During the July 4th holiday weekend Moisse Delgado, a councilman at-large, was in a shop on the boardwalk with his son and was disgusted with what he found there. The wide selection of samurai swords and water pipes that are for “tobacco use only” disgusted the poor man. This led to a city-wide crackdown on shops selling contraband on the boards ranging from bb guns to brass knuckles. Shops were closed and owners were arrested. There is one big flaw with this whole plan. How does a councilman from Atlantic City not know about these shops?

Everybody knows that they can find questionable products on the boardwalk; it has been that way since man laid pieces of wood next to bodies of water. Boardwalks are like Chinatown, you can find anything you want if you know where to look and the right questions to ask. Hell if you were so inclined, I bet you could find your very own Mogwai if you look right.

Aren't they adorable?

The people running AC want to improve its image, this is admirable. Setting up photo ops of inspectors holding up prop swords does not make the city any better though. These shops are in the shadow of casinos, epicenters of greed and corruption. The politicians want to make it seem like they are trying to make the city safer by getting rid of these establishments but it’s all a sham. And shop owners are now paying the price for this photo op.

This is what Atlantic City is really like, not quite as adorable.

Atlantic City’s slogan was once “America’s Favorite Playground.” Now with a slogan as gaudy and corny as “Always Turned On” the city worries about its image. It’s all a show and I’m not buying the ticket.

Why Inception is more important than Avatar

I liked Avatar. It was a fun movie that brought you to another world. It had vision and gave the audiences exactly what they wanted. It was groundbreaking and deserves all the recognition and money it made.

However, it’s not the most important blockbuster in recent memory.

Maybe I’m biased because I just saw it. Maybe it’s because I love Christopher Nolan as a director. Maybe I’m just too much of a snob. Nonetheless, Inception has been the movie I’ve been the most excited about in a long time.

Inception and Avatar both take us to another world. It shows us things that cannot be done anywhere else but celluloid. It paints for us a world where we can’t help but be engrossed. Inception did more than that, it blows your mind.
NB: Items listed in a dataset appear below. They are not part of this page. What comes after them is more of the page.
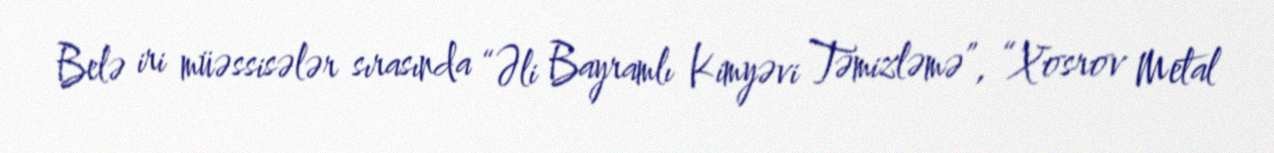
Belə iri müəssisələr sırasında “Əli Bayramlı Kimyəvi Təmizləmə”, “Xosrov Metal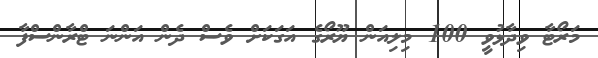
މަރޯޓާ ވިދާޅުވީ 100 މިލިއަން ޔޫރޯގެ އަގަކަށް ވެސް ދެން އަންނަ ޓްރާންސްފާ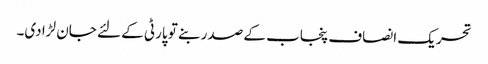
تحریک انصاف پنجاب کے صدر بنے تو پارٹی کے لئے جان لڑا دی۔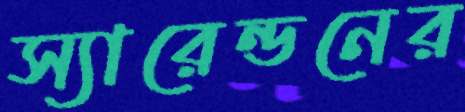
স্যারেন্ডনের

Ever since I was little I considered myself a movie fan. I was a precocious child, if by precocious you mean annoying. I watched a lot of movies growing up but the one real movie defining experience was Donnie Darko. That was the game changer. I know now that Donnie Darko isn’t that good of a movie (it doesn’t even come close to my top 25 now) and I know now that whatever genius the movie had was almost an accident (I’ll get to why Richard Kelly sucks in another article). Nevertheless, it showed me that a movie isn’t just about the journey but it can blow your mind as well. It can force you to think differently about the world and create discussion. The best thing a movie can do is create a conversation after the credits roll. It makes people debate and allows them to converse about what they just saw.

Avatar didn’t do that.

Avatar didn’t create much dialogue afterward. It was a nice self contained story with a message gift wrapped for the audience. It didn’t challenge. It didn’t stimulate. A few days later you weren’t pondering what you just witnessed.

When you boil it down, Avatar was just special effect masturbation by James Cameron. They were amazing special effects but in the end you weren’t better off. You didn’t grow much as a person after seeing it.

I don’t expect a religious experience after seeing every movie out there but nothing can top that feeling you get as you walk out of the theater with the credits music blaring and your stride in sync with the soundtrack. And as you walk out what do you realize? You realize that you are smiling and you don’t know why exactly. You have just seen a magic trick on celluloid and it will take that out of the theater with you into your car. And on the way home you will talk to your friends about how you felt about the movie and debate and argue. Film then becomes a social experience.

Avatar was shallow. The movie industry milks the 3-D craze that was popularized recently by Avatar but it does not respect the film. The 82nd Academy Awards is a perfect example of how the industry feels about Avatar. The fact that Avatar did not win for Best Picture was not a slap in the face so much as an admonishment. The Academy instead picked The Hurt Locker as their best picture of the year. It was an act that shows what is important in movies. The Hurt Locker, an indie with a relatively simple story set in a place drenched in reality.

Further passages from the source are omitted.